## WHAT YOU NEED TO DO
Copy out, from the data, each line containing the string "records".

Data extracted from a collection
====

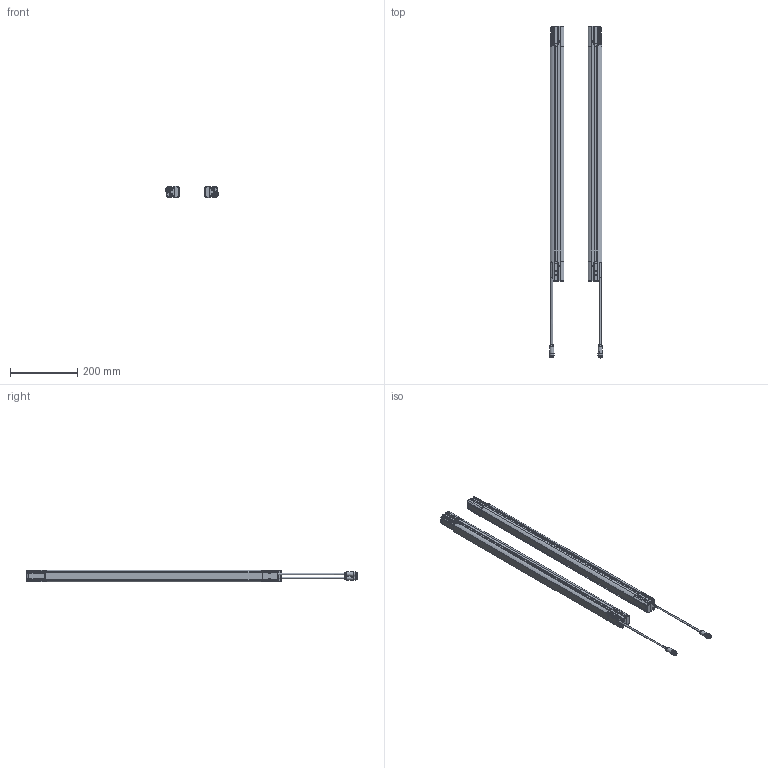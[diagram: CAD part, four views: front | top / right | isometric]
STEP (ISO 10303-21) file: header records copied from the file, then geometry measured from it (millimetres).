
FILE_DESCRIPTION (( 'STEP AP214' ), '1' );
FILE_NAME ('957920004.STEP', '2025-01-16T10:53:58', ( '' ), ( '' ), 'SwSTEP 2.0', 'SolidWorks 2024', '' );
FILE_SCHEMA (( 'AUTOMOTIVE_DESIGN' ));
Length unit declared in the file: inch
Products named in the file (1): 957920004
Bounding box: 158.7 x 987.3 x 35.15 mm (x, y, z)
Volume: 1778064.2 mm3; surface area: 329276.9 mm2
Topology: 4 solids, 14 shells, 2590 faces, 6846 edges, 4296 vertices
Faces by surface type: plane 1186, cylinder 778, bspline 264, cone 214, sphere 78, torus 70
Full cylindrical faces by diameter (mm): 2.013 x8, 2.2 x8, 2.55 x2, 2.556 x2, 2.563 x2, 2.569 x2, 2.8 x2, 3 x8, 4.37 x8, 5 x18, 5.5 x4, 8.25 x2, 9.5 x2, 9.7 x2, 10.35 x2, 10.6 x6, 10.8 x2, 13 x2, 14.5 x2
Entity records: 98704 total; most frequent: CARTESIAN_POINT 41139, ORIENTED_EDGE 12940, DIRECTION 10120, EDGE_CURVE 6470, VERTEX_POINT 4182, AXIS2_PLACEMENT_3D 3419, VECTOR 3282, LINE 3282

====

## REPLY
STEP (ISO 10303-21) file: header records copied from the file, then geometry measured from it (millimetres).
Entity records: 98704 total; most frequent: CARTESIAN_POINT 41139, ORIENTED_EDGE 12940, DIRECTION 10120, EDGE_CURVE 6470, VERTEX_POINT 4182, AXIS2_PLACEMENT_3D 3419, VECTOR 3282, LINE 3282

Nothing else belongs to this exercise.